## [Problem to solve]
Leave out the pictures, then return the records word for word.

## [Extracted information]

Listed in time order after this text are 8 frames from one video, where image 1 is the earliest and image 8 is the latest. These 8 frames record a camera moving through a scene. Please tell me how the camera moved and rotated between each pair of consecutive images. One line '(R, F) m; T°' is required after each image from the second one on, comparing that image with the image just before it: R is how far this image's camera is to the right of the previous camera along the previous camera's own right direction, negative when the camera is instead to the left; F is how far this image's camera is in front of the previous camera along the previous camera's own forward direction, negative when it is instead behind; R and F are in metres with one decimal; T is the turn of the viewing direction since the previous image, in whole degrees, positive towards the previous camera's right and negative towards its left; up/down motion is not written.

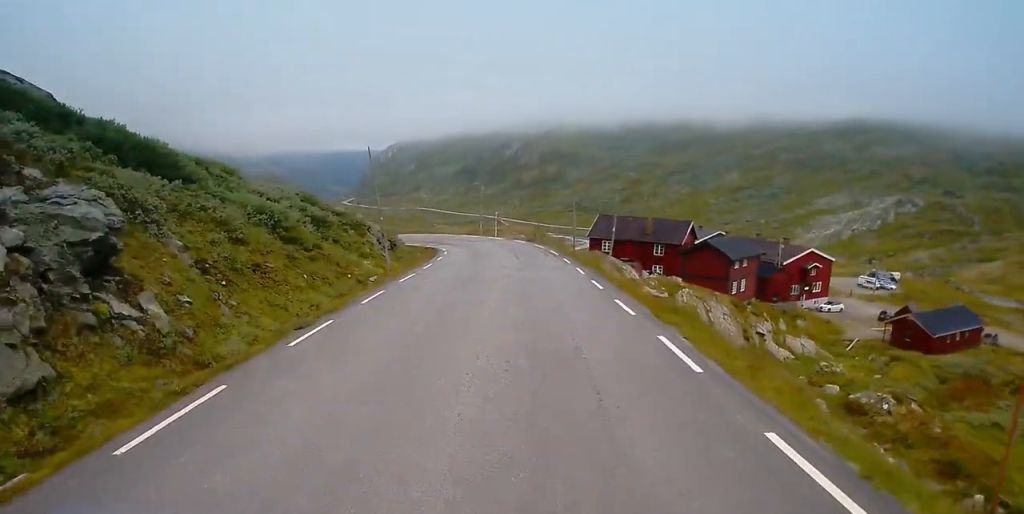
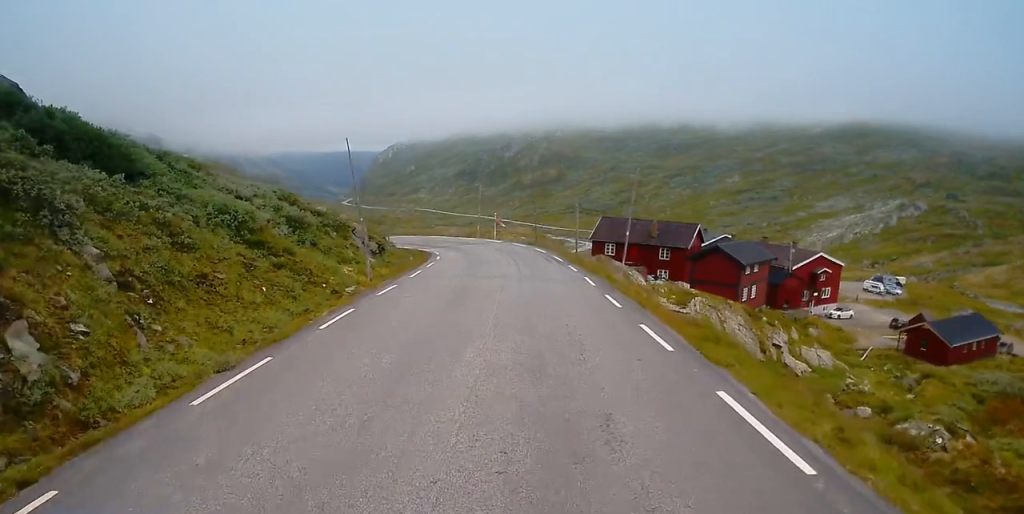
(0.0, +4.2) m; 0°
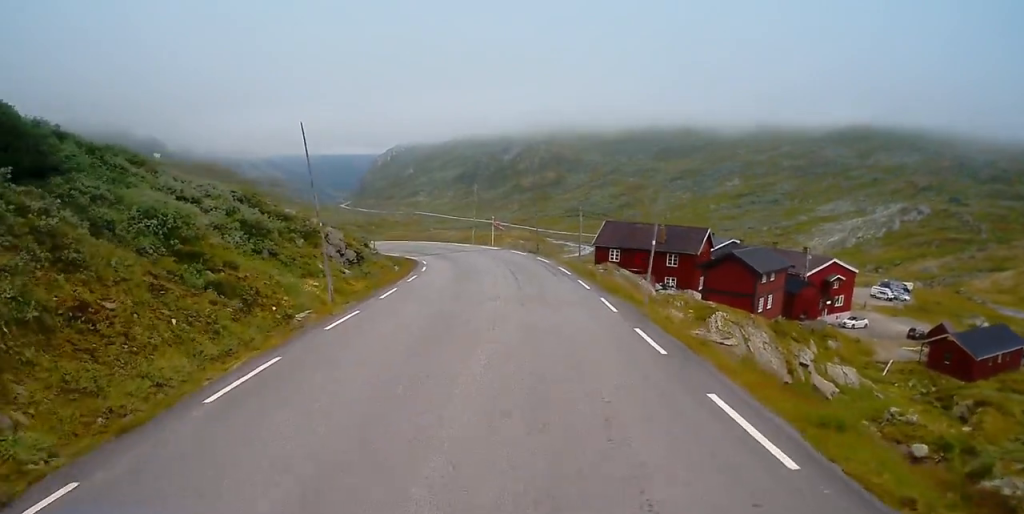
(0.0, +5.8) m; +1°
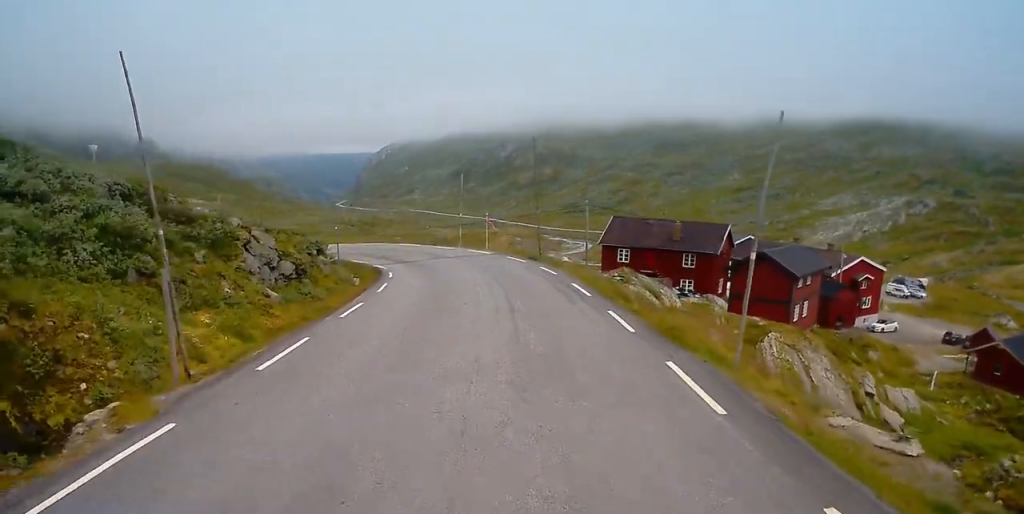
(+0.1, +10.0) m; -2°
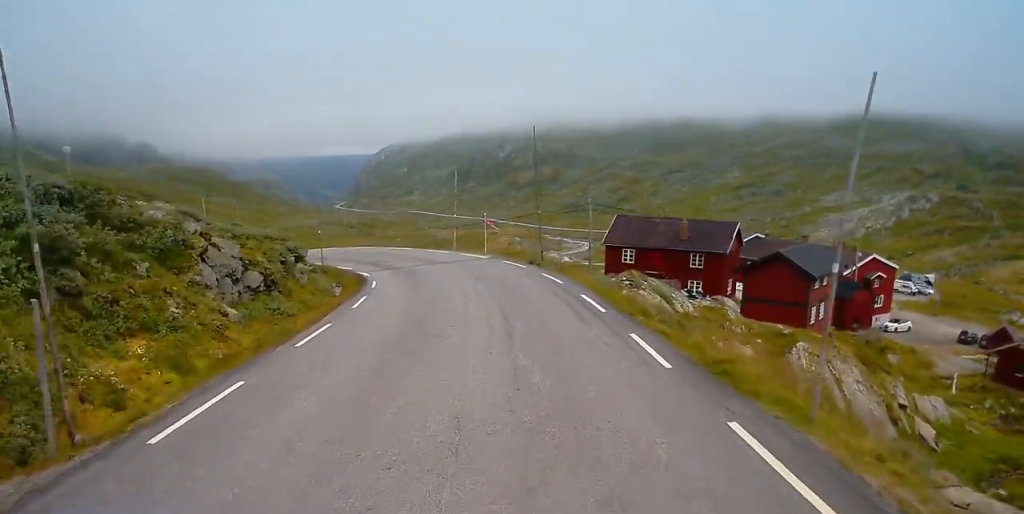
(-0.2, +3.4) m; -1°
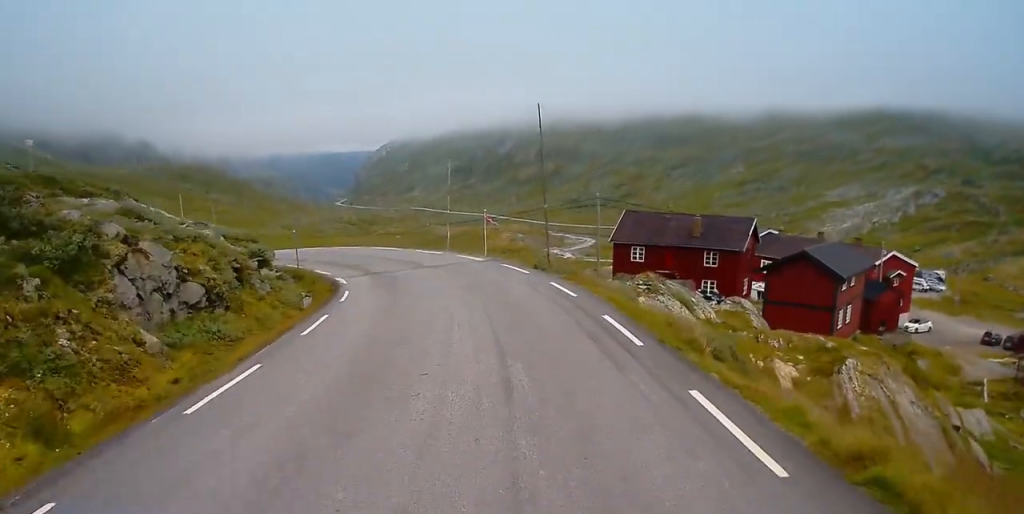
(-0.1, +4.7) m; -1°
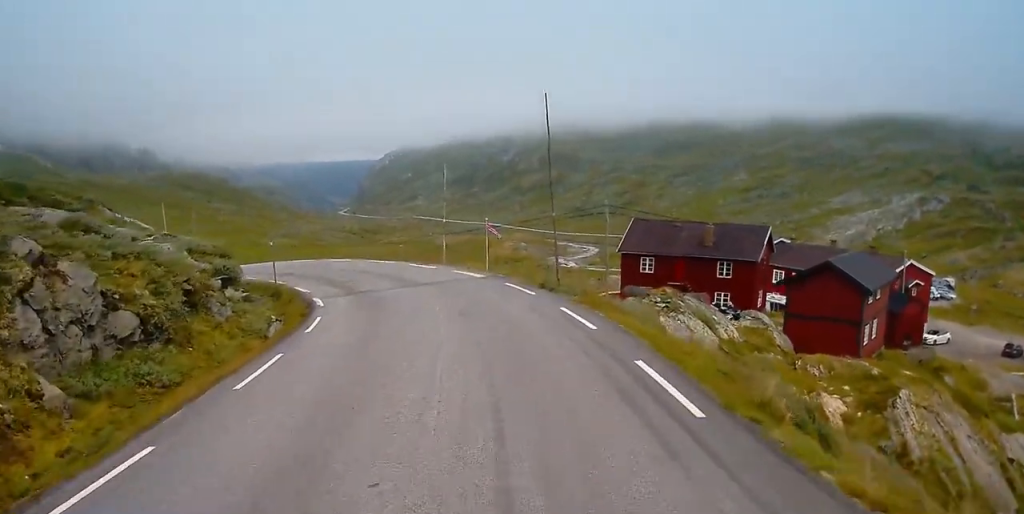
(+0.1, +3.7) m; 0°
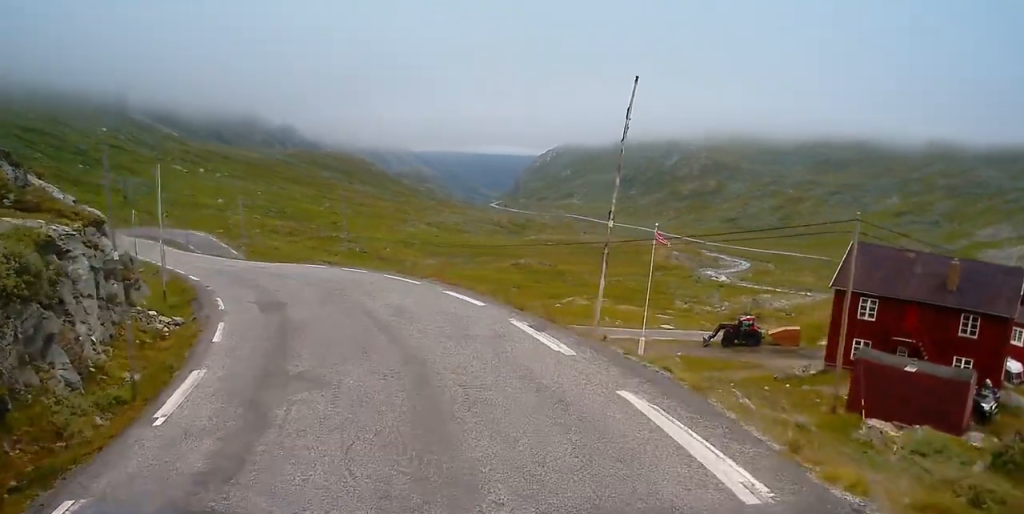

## [Solution below]
Listed in time order after this text are 8 frames from one video, where image 1 is the earliest and image 8 is the latest. These 8 frames record a camera moving through a scene. Please tell me how the camera moved and rotated between each pair of consecutive images. One line '(R, F) m; T°' is required after each image from the second one on, comparing that image with the image just before it: R is how far this image's camera is to the right of the previous camera along the previous camera's own right direction, negative when the camera is instead to the left; F is how far this image's camera is in front of the previous camera along the previous camera's own forward direction, negative when it is instead behind; R and F are in metres with one decimal; T is the turn of the viewing direction since the previous image, in whole degrees, positive towards the previous camera's right and negative towards its left; up/down motion is not written.

(0.0, +4.2) m; 0°
(0.0, +5.8) m; +1°
(+0.1, +10.0) m; -2°
(-0.2, +3.4) m; -1°
(-0.1, +4.7) m; -1°
(+0.1, +3.7) m; 0°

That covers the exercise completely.